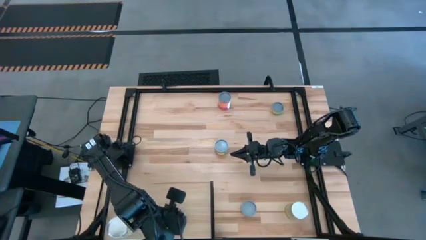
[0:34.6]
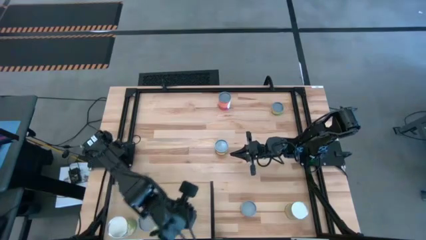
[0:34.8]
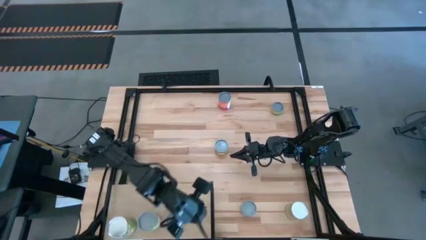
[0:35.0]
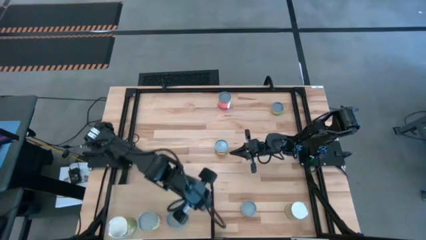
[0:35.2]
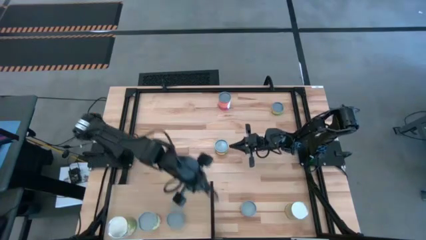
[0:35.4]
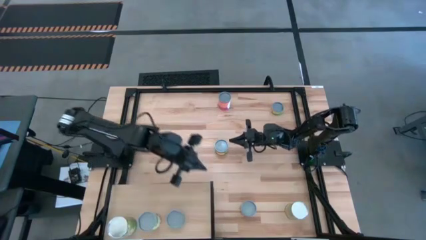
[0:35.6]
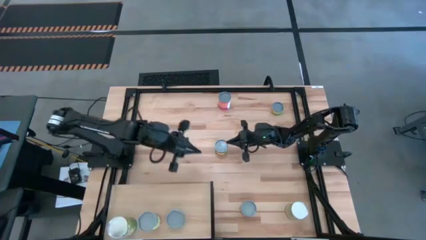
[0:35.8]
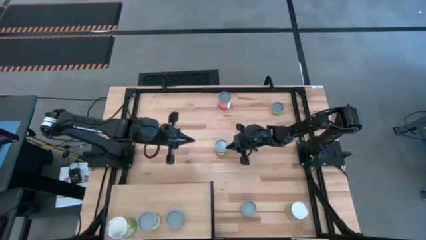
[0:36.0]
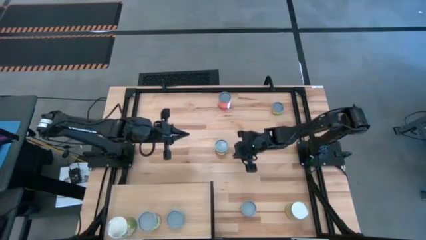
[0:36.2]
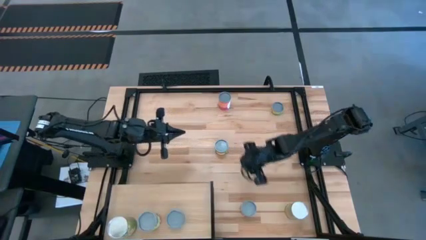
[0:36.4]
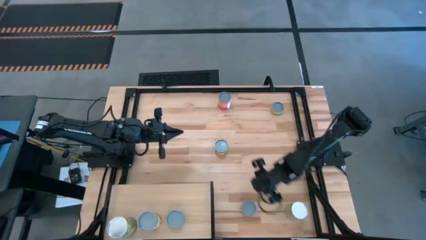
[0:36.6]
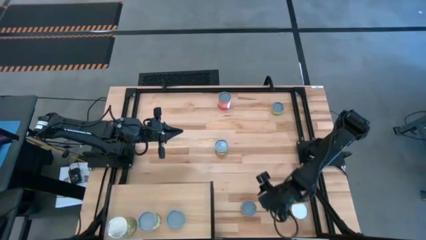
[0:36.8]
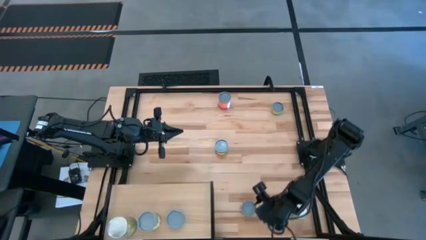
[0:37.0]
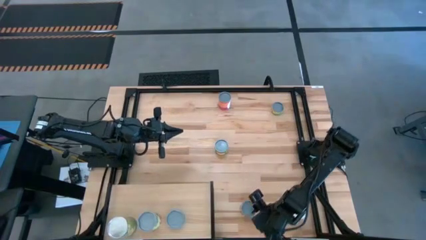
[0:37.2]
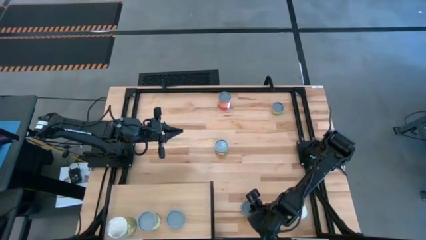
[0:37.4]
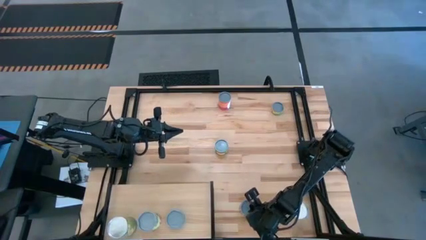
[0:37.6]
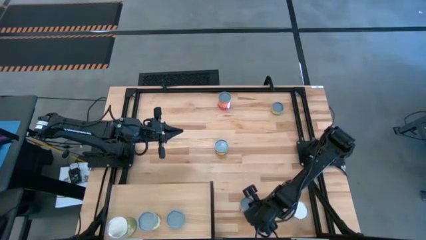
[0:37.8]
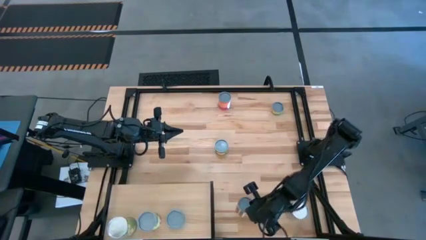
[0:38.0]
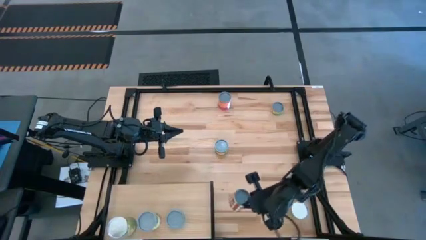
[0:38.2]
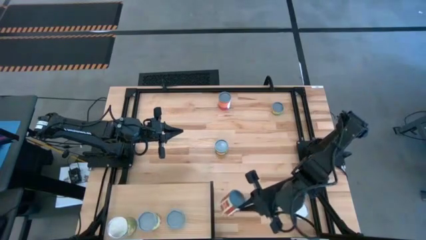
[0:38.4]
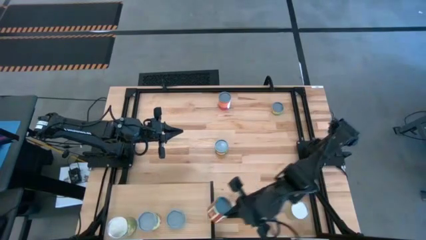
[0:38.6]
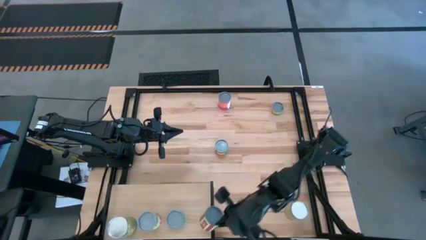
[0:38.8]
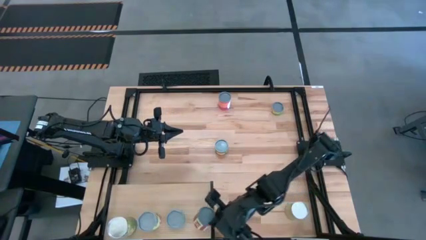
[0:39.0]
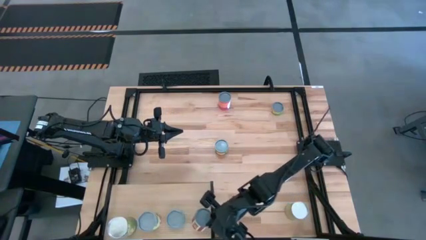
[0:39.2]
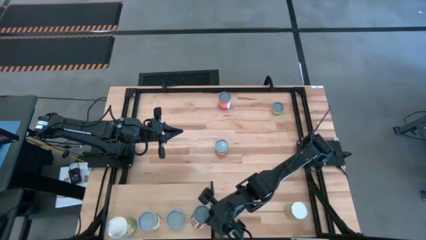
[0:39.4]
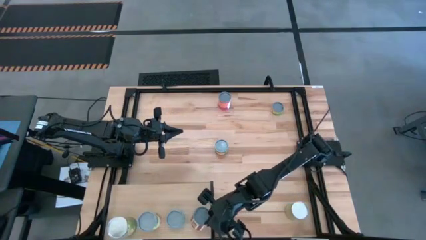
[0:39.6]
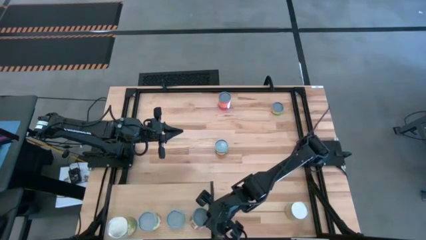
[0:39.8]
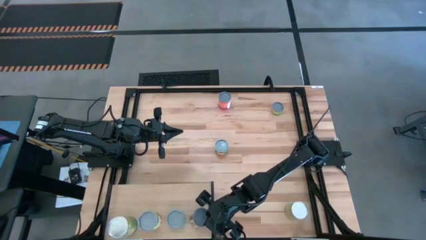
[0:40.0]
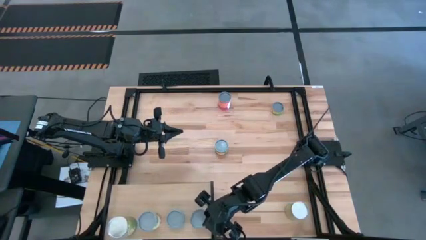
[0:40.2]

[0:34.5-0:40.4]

WORK TASK: Output all data exactly, omitting images.

ANSWER:
[0:34.6]
[0:34.8]
[0:35.0]
[0:35.2]
[0:35.4]
[0:35.6]
[0:35.8]
[0:36.0]
[0:36.2]
[0:36.4]
[0:36.6]
[0:36.8]
[0:37.0]
[0:37.2]
[0:37.4]
[0:37.6]
[0:37.8]
[0:38.0]
[0:38.2]
[0:38.4]
[0:38.6]
[0:38.8]
[0:39.0]
[0:39.2]
[0:39.4]
[0:39.6]
[0:39.8]
[0:40.0]
[0:40.2]

[0:34.5-0:40.4]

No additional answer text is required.